Amos Chitungo praised ZADF for its sterling effort to empower the small holder dairy farmers. The former teacher said ever since he started receiving assistance from ZADF, milk production had increased at his three hectare plot.
He has a mixture of 20 Holsten and Red Dane cattle. “On zero percent grazing system I feed the cattle in their pens from the hay bales, which I produce on my small piece of land,” said Chitungo.
He usually gets 25 litres of milk daily. “We milk the cows at 6am, 1 pm and 8 pm in the evening. I have state of the art milking machine and storage equipment which I got with the assistance from ZADF,” said Chitungo. But he bemoaned lack of technical and financial support from the government.
“There is lack of information and financial support to upcoming dairy farmers. Government should seriously consider funding the dairy sector because it has the capacity to generate foreign currency and create employment,” said Chitungo.
“From early days small holder farmers used to play a pivotal role in supplying milk to the then Dairy Marketing Board(DMB).The challenge now is that they lag behind in terms of technology and government, with the assistance of NGOs, should chip in to support them,” he added.

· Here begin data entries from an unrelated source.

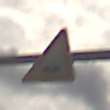
Verkehrszeichen: UnebeneFahrbahn
Umgebung: Outdoor, Suburban
Tageszeit: MorningAfternoon
Wetter: Overcast
Licht: Natural
Jahreszeit: NotSpecified
Kontrast: LowContrast
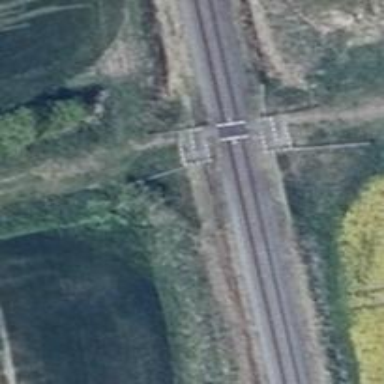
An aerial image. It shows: Uncontrolled railway crossing with chicane.
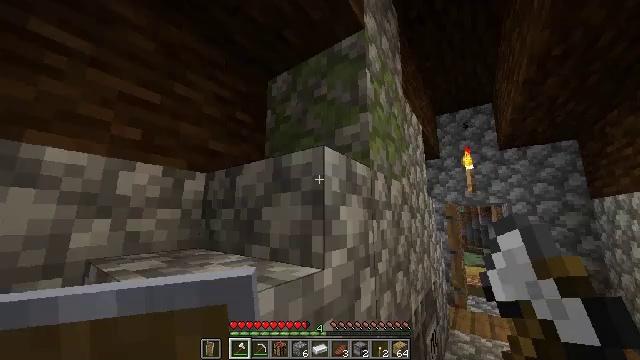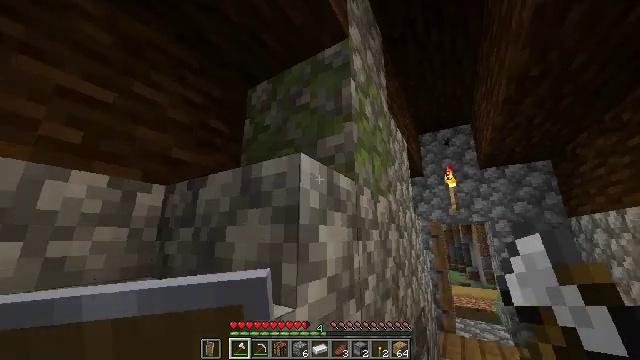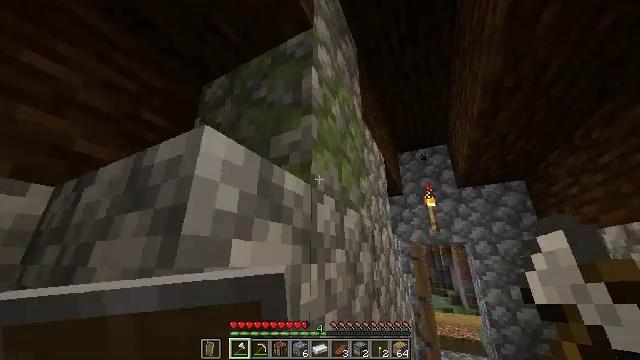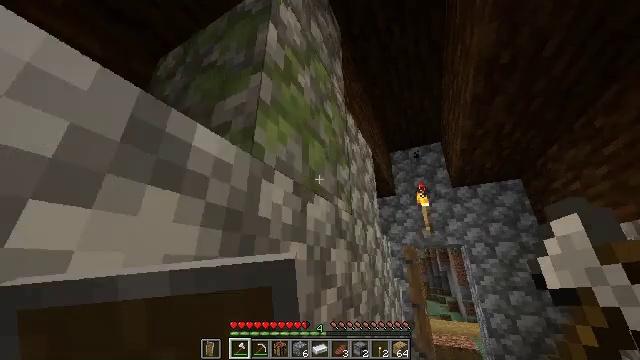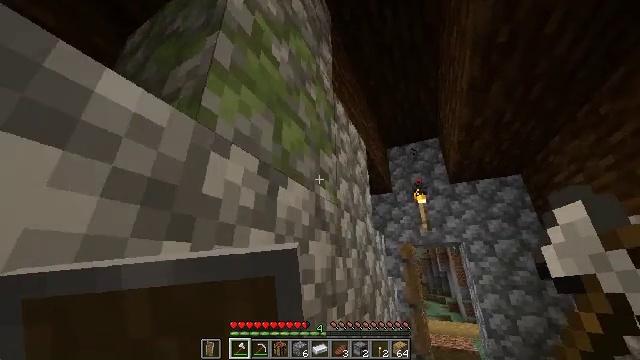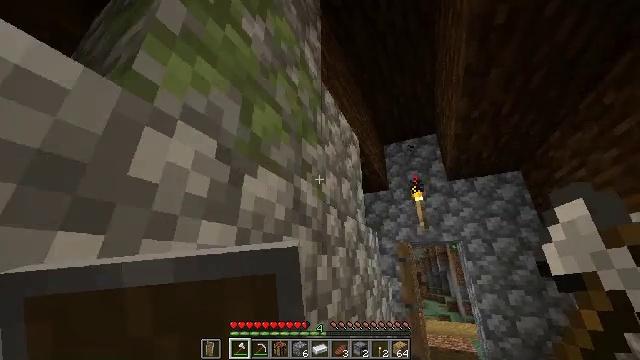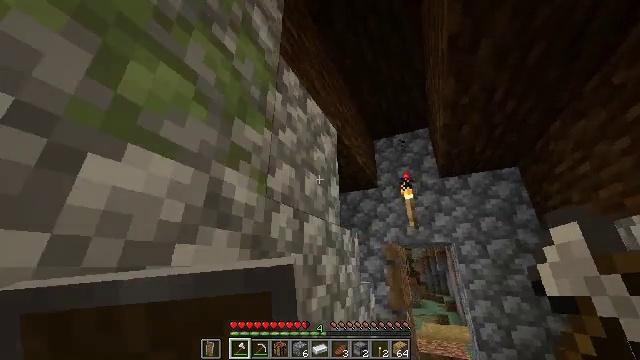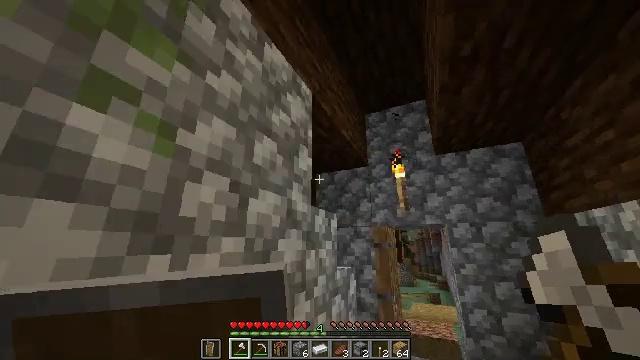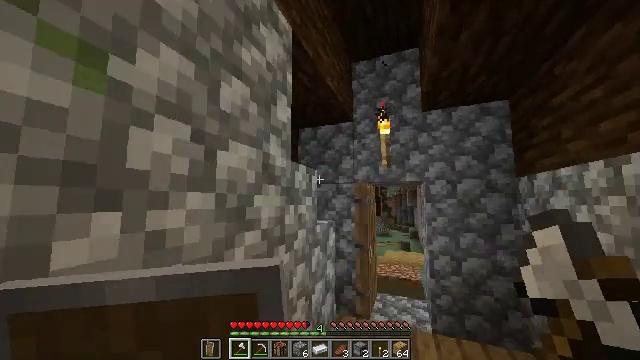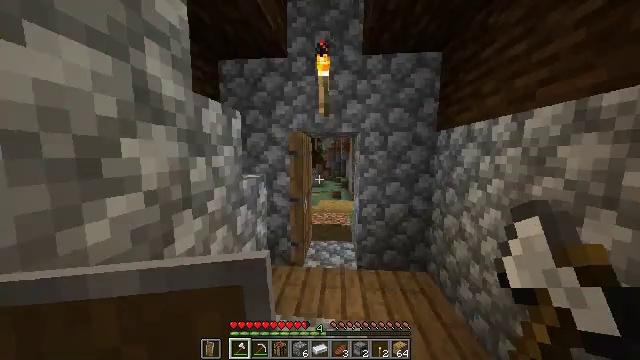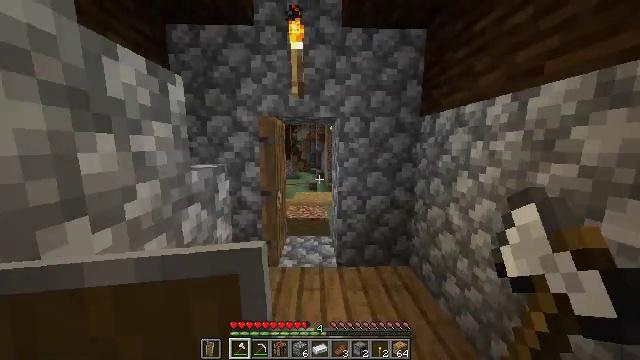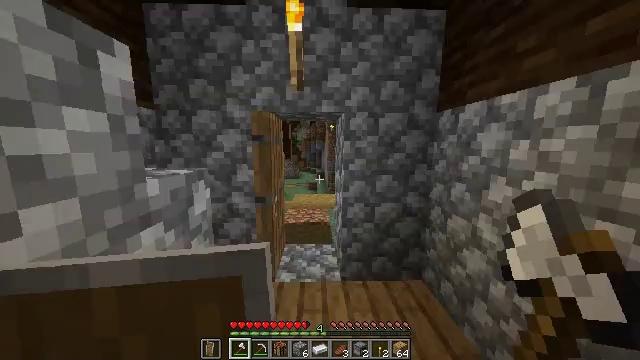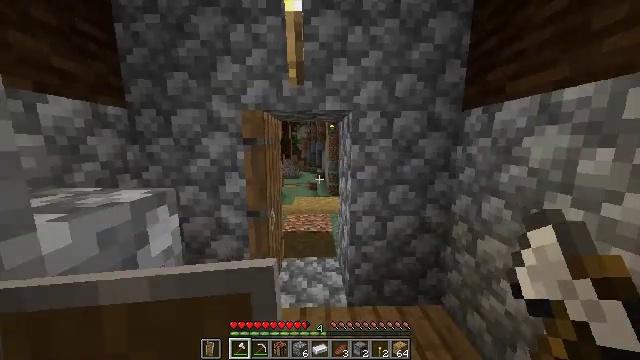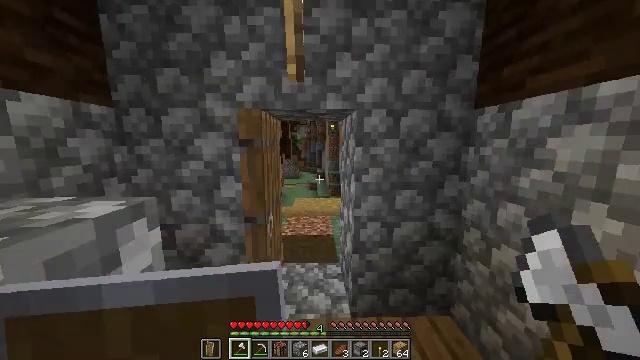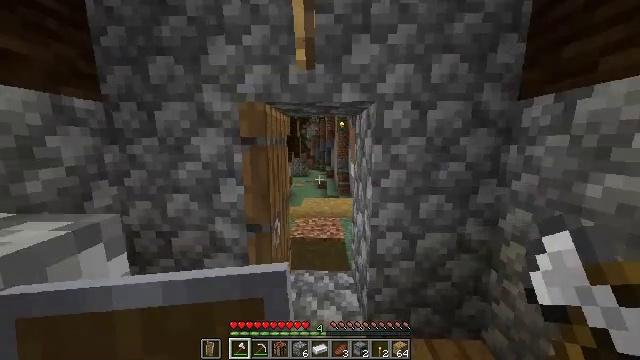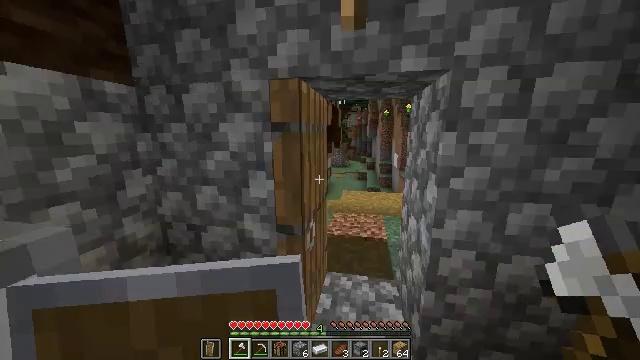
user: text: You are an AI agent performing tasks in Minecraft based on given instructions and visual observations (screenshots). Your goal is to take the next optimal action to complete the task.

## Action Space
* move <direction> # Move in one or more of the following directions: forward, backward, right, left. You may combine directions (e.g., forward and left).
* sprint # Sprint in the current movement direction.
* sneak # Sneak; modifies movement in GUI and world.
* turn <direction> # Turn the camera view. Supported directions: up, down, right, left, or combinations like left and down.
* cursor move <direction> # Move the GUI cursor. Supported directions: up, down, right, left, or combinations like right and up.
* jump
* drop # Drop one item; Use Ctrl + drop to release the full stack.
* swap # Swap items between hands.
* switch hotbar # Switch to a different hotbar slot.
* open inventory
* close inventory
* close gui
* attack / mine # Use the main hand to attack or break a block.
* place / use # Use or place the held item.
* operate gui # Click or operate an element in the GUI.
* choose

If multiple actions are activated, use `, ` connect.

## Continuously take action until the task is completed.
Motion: motion action
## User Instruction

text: Remove the blue bed from its location.
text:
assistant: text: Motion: move forward and move right, sprint, turn right and up
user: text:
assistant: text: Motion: move forward and move right, sprint, turn right and up
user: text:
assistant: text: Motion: move forward and move right, sprint, turn up
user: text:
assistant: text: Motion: move forward and move right, sprint
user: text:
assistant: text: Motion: move forward and move right, sprint
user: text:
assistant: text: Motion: move forward and move right, sprint
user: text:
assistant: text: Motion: move forward, sprint, turn down
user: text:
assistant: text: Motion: move forward, sprint, turn right and down
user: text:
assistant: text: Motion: move forward, sprint, turn right and down
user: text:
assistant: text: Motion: move forward, sprint, turn right and down
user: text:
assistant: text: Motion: move forward, sprint
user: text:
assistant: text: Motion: move forward, sprint
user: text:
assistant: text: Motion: move forward, sprint
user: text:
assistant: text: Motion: move forward, sprint, turn left
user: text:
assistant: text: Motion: move forward, sprint, turn left and down
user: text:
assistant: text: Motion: move forward, sprint
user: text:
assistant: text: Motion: move forward, sprint
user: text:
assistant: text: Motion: move forward, sprint
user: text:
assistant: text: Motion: move forward, sprint
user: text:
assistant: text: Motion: move forward, sprint, turn right
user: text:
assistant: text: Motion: move forward, sprint, turn right and down
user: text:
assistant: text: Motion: move forward, sprint, turn right
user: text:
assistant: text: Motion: move forward and move right, sprint
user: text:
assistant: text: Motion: move forward and move right
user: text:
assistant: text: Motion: move forward and move right, turn left
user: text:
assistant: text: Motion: move forward and move right, turn left
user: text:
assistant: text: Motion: move forward and move right, turn left
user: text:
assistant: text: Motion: move forward
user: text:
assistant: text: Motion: move forward
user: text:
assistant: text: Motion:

ZADF chairman Craig Follwell said the small-scale diary sector had played a pivotal role in sustaining the local industry. Ten million litres has been collected at milk collection centres across the country since they started the programme last year. His organisation has signed a three year partnership with We Effect (formerly Swedish Cooperative Centre) this year to enable it to continue improving their capacity to provide member services.
“If we give help to small scale dairy farmers this will lead to improved livelihoods and job creation within our dairy industry, “he said, adding that ZADF has become a source of impartial information to the sector. “If we continue to work together, along with all our partners, we will succeed in our efforts to restore self-sufficiency to the industry. We will succeed in increasing our production to enable exports of quality products as we did in the past,” said Follwell.
The national herd currently stands at 5.3 million but out of this only 0.05 percent(26,502) cattle are dairy cows, producing only 54 million litres per annum as compared to 256 million litres in the 1990s when the dariy herd was 191,000.